● **Data for this task**:
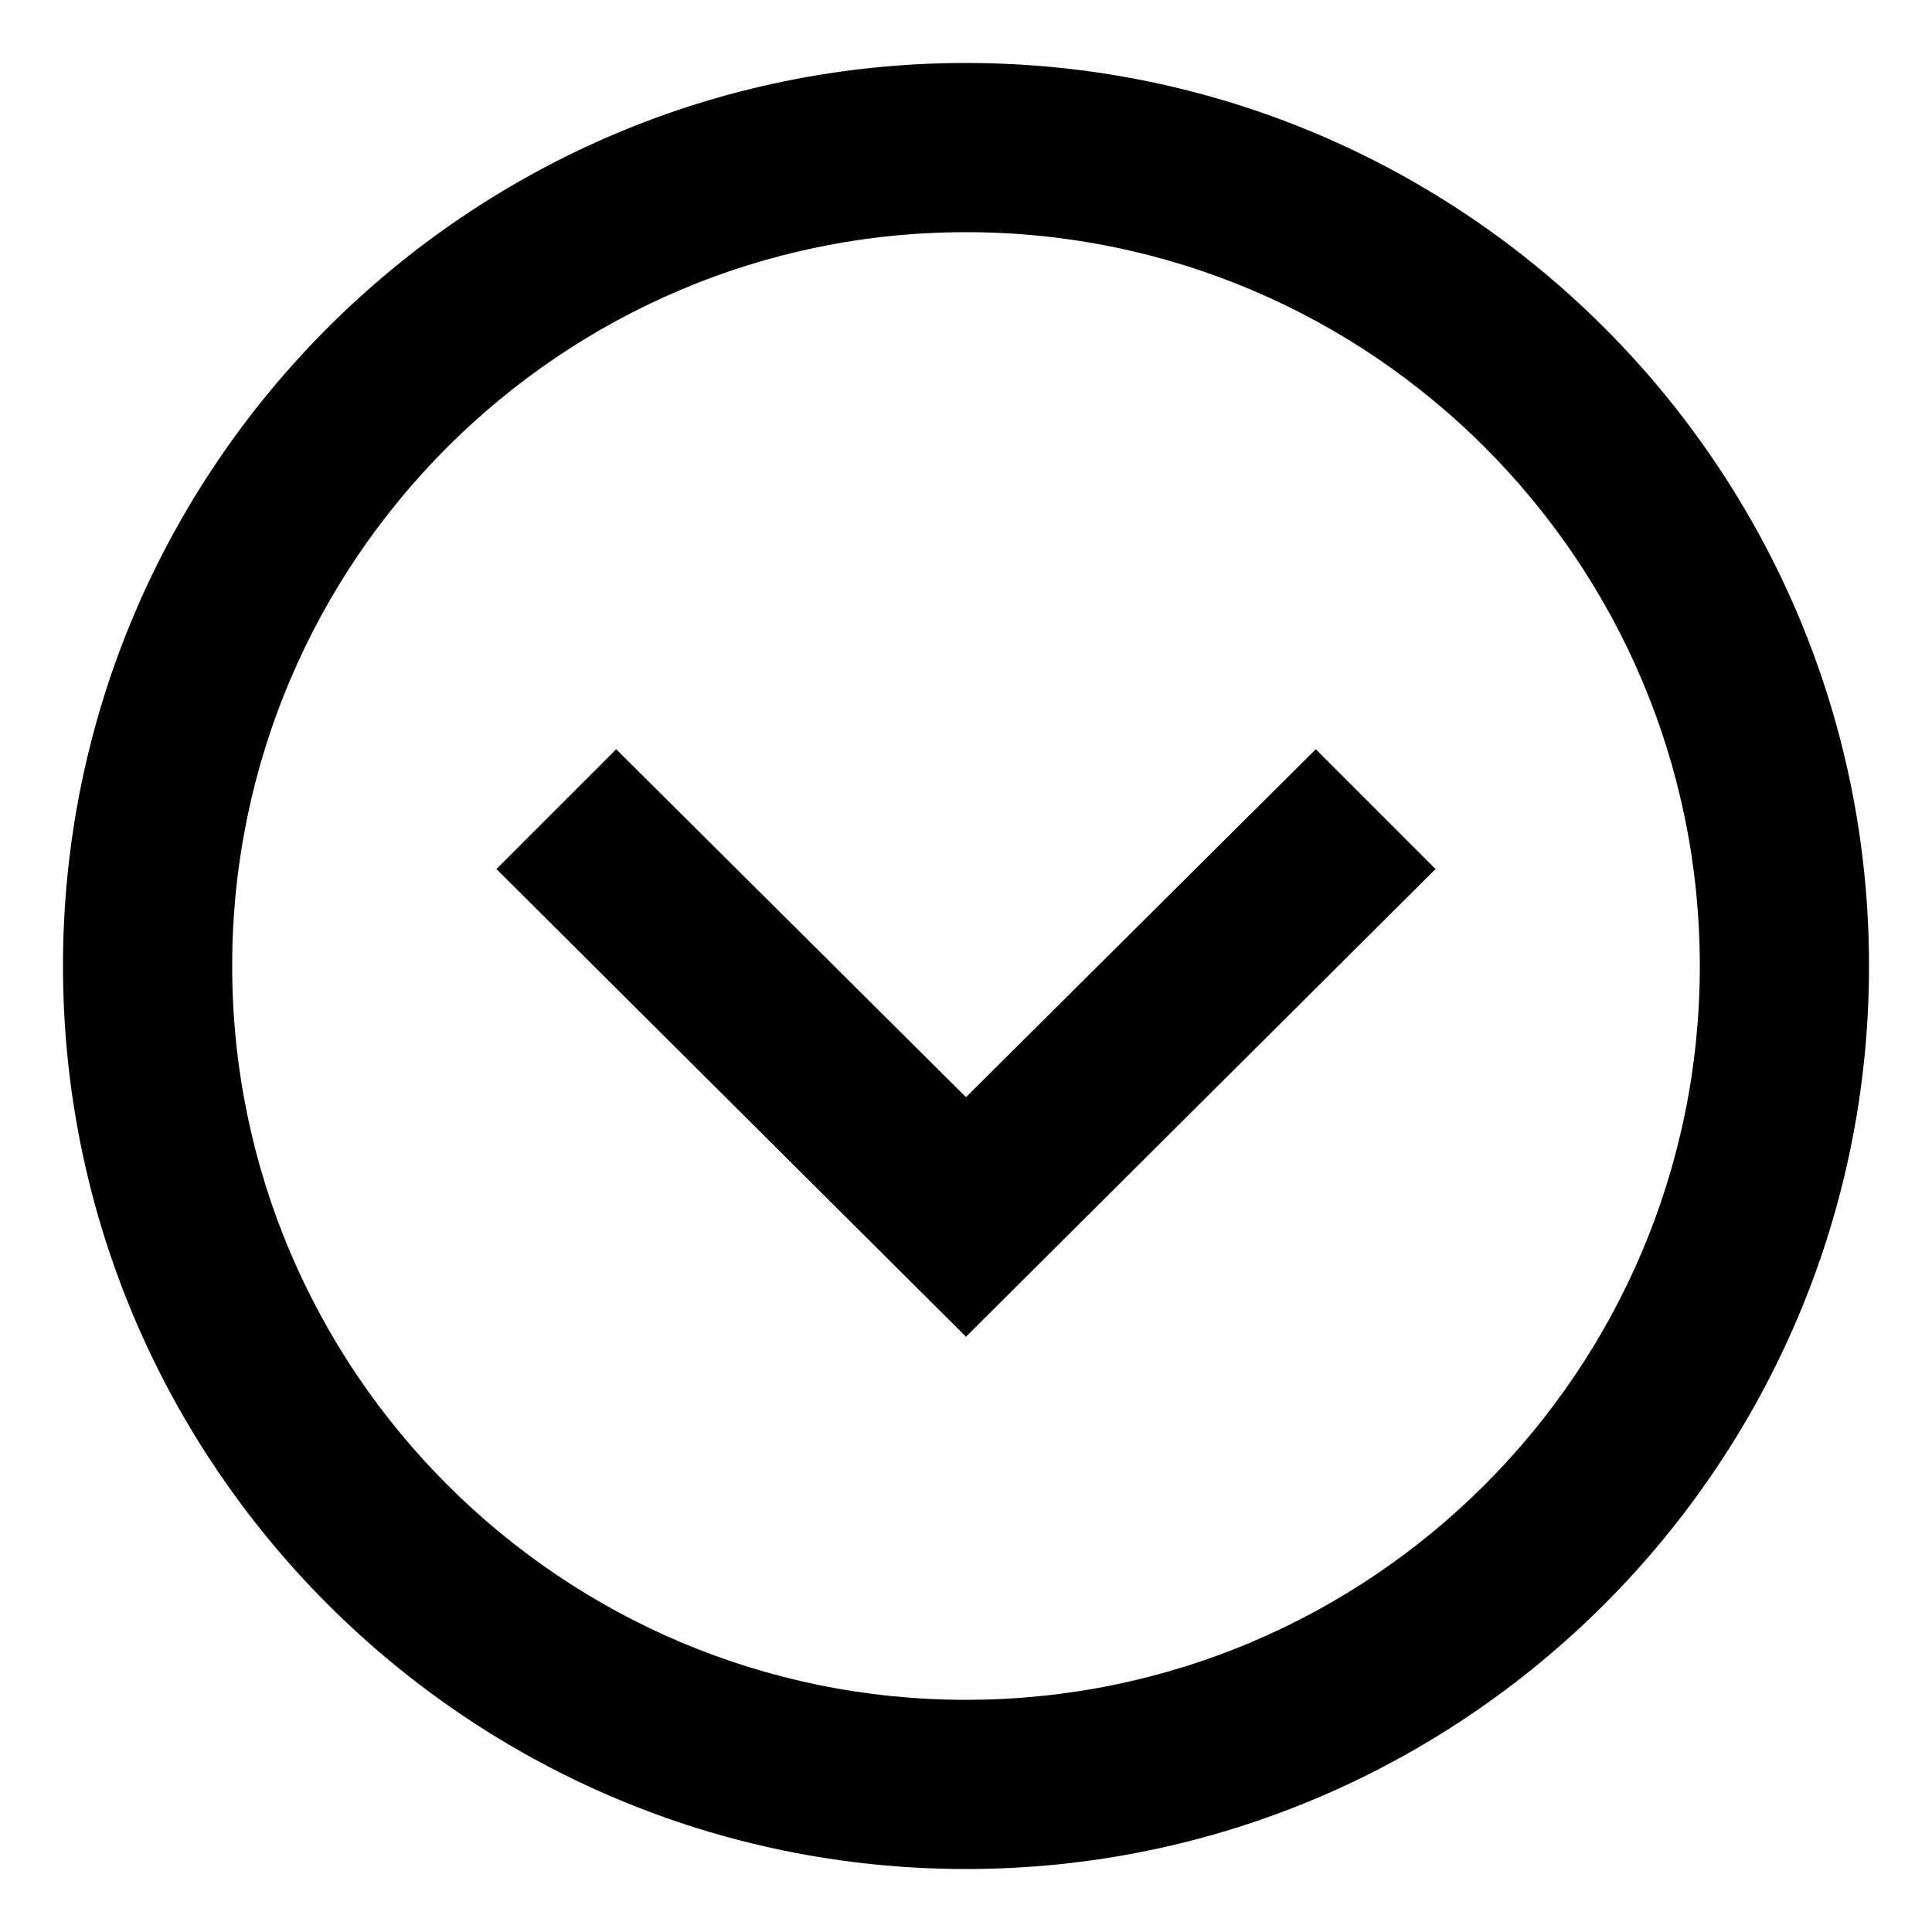 <?xml version="1.0" encoding="UTF-8"?>
<!-- Uploaded to: ICON Repo, www.iconrepo.com, Generator: ICON Repo Mixer Tools -->
<svg fill="#000000" width="800px" height="800px" version="1.1" viewBox="144 144 512 512" xmlns="http://www.w3.org/2000/svg">
 <g>
  <path d="m400 160.69c-132 0-239.31 107.31-239.31 239.31 0 132 107.31 239.31 239.31 239.31 132 0 239.31-107.31 239.31-239.31 0-132-107.31-239.31-239.31-239.31zm0 433.78c-107.31 0-194.47-87.16-194.47-194.47-0.004-107.31 87.156-194.47 194.47-194.47s194.47 87.16 194.47 194.47c0 107.31-87.16 194.47-194.47 194.47z"/>
  <path d="m400 434.76-92.703-92.199-31.738 31.742 124.44 123.94 124.44-123.94-31.742-31.742z"/>
 </g>
</svg>

● **What the task asks**: Give the number of lines in the records where the word "path" occurs, and add nothing.

● **Answer for the task**: 2